Maxwell
- Full name: Maxwell Football Club
- Founded: 1878
- Dissolved: 1882
- Ground: Norwood Park
- Secretary: R. Thomson Wilson
| Home colours |

= Maxwell F.C. =

Former association football club in Scotland

Maxwell F.C. was a nineteenth-century Glasgow-based senior football club.

==History==

The club was founded in 1878 and its first fixtures are reported from the 1879–80 season. In 1880, after a season in which the club won 11 of 17 matches, it joined the Scottish Football Association.

The club only played one season of senior football. Maxwell's only match in the Scottish Cup was a 6–0 defeat in the first round of the 1880–81 tournament to Oxford of Crosshill in the first round; it was the Oxford's only win in the competition in seven seasons.
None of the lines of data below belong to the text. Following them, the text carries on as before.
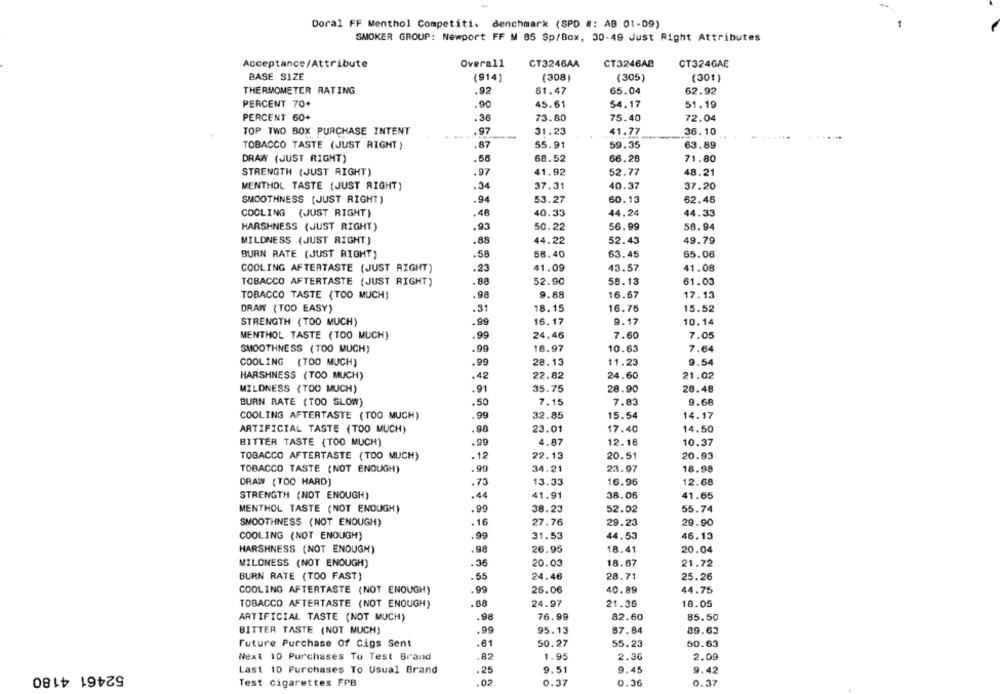
Doral FF Menthol Competiti. Benchmark (SPD #: AB 01-09)
SMOKER GROUP: Newport FF M 85 Sp/Box, 30-49 Just Right Attributes
Acceptance/Attribute
Overall
CT324GAA
CT3246AB
CT324GAE
BASE SIZE
(308)
(305)
(914)
(301)
THERMOMETER RATING
61.47
65.04
62.92
.92
PERCENT 70+
45.61
54.17
51.19
.90
PERCENT 60+
.36
73.80
75.40
72.04
TOP TWO BOX PURCHASE INTENT
.97
31.23
41.77
36.10
TOBACCO TASTE (JUST RIGHT )
.87
55.91
59.35
63.89
DRAW (JUST RIGHT)
68.52
66.28
71.80
STRENGTH (JUST RIGHT)
.97
41.92
52.77
48.21
MENTHOL TASTE (JUST RIGHT)
.34
37.31
40.37
37.20
SMOOTHNESS (JUST RIGHT)
.94
53.27
60.13
62.46
COOLING (JUST RIGHT)
.48
40.33
44.24
44.33
HARSHNESS (JUST RIGHT)
.93
50.22
56.99
58.94
MILDNESS (JUST RIGHT)
.88
44.22
52.43
49.79
BURN RATE (JUST RIGHT)
.58
58.40
63.45
65.06
COOLING AFTERTASTE (JUST RIGHT)
.23
41.09
43.57
41.08
TOBACCO AFTERTASTE (JUST RIGHT)
.80
52.90
58.13
61.03
TOBACCO TASTE (TOO MUCH)
.98
9.88
16.67
17.13
DRAW (TOO EASY)
.31
18.15
16.76
15.52
STRENGTH (TOO MUCH)
.99
16.17
9.17
10.14
MENTHOL TASTE (TOO MUCH)
.99
24.46
7.60
7.05
.99
SMOOTHNESS (TOO MUCH)
18.97
10.63
7.64
28.13
11.23
COOLING (TOO MUCH)
.99
9.54
.42
22.82
24.60
21.02
HARSHNESS (TOO MUCH)
MILDNESS (TOO MUCH)
.91
35.75
28.90
20.48
BURN RATE (TOO SLOW)
.50
7.15
7.83
9.68
COOLING AFTERTASTE (TOO MUCH)
.99
32.85
15.54
14.17
ARTIFICIAL TASTE (TOO MUCH)
.90
23.01
17.40
14.50
BITTER TASTE (TOO MUCH)
.99
4.87
12.18
10.37
TOBACCO AFTERTASTE (TOO MUCH)
.12
22.13
20.51
20.93
TOBACCO TASTE (NOT ENOUGH)
.99
34.21
23.97
18.98
DRAW (TOO HARD)
.73
13.33
16.96
12.68
STRENGTH (NOT ENOUGH)
.44
41.91
38.06
41.65
MENTHOL TASTE (NOT ENOUGH)
.99
38.23
52.02
55.74
SMOOTHNESS (NOT ENOUGH)
.16
27.76
29.23
29.90
.99
31.53
44,53
COOLING (NOT ENOUGH)
46.13
26.95
HARSHNESS (NOT ENOUGH)
.98
18.41
20.04
.36
18.67
MILONESS (NOT ENOUGH)
20.03
21.72
BURN RATE (TOO FAST)
.55
24.46
28.71
25.26
.99
26.06
40.89
44.75
COOLING AFTERTASTE (NOT ENOUGH)
TOBACCO AFTERTASTE (NOT ENOUGH)
.88
24.97
21.36
18.05
ARTIFICIAL TASTE (NOT MUCH)
.98
76.99
82.60
85.50
BITTER TASTE (NOT MUCH)
.99
95.13
87.84
89.63
Future Purchase Of Cigs Sent
.61
50.27
55.23
50.63
Next 10 Purchases To Test Brand
.82
1.95
2.36
2.09
52461 4180
Last 10 Purchases To Usual Brand
.25
9.51
9.45
9.42
Test cigarettes FPB
.02
0.37
0.36
0.37

The club is notable for being the first club of the first black football player, Andrew Watson. Another Maxwell player - Louis Baretto - was a lascar sailor born in Bombay.

==Colours==

The club wore navy and white hooped jerseys and hose, with white knickers.

==Ground==

The club had a private ground at Norwood Park, on Dumbreck Road, near Haggs Castle. By 1882 it was the ground of Granton, and of Sir John Maxwell, which was founded in the same year as the Maxwell, although it joined the Scottish Association separately in 1882.

==Notable former players==

- Andrew Watson (footballer, born 1856), Scottish international football player; and the first black association football player.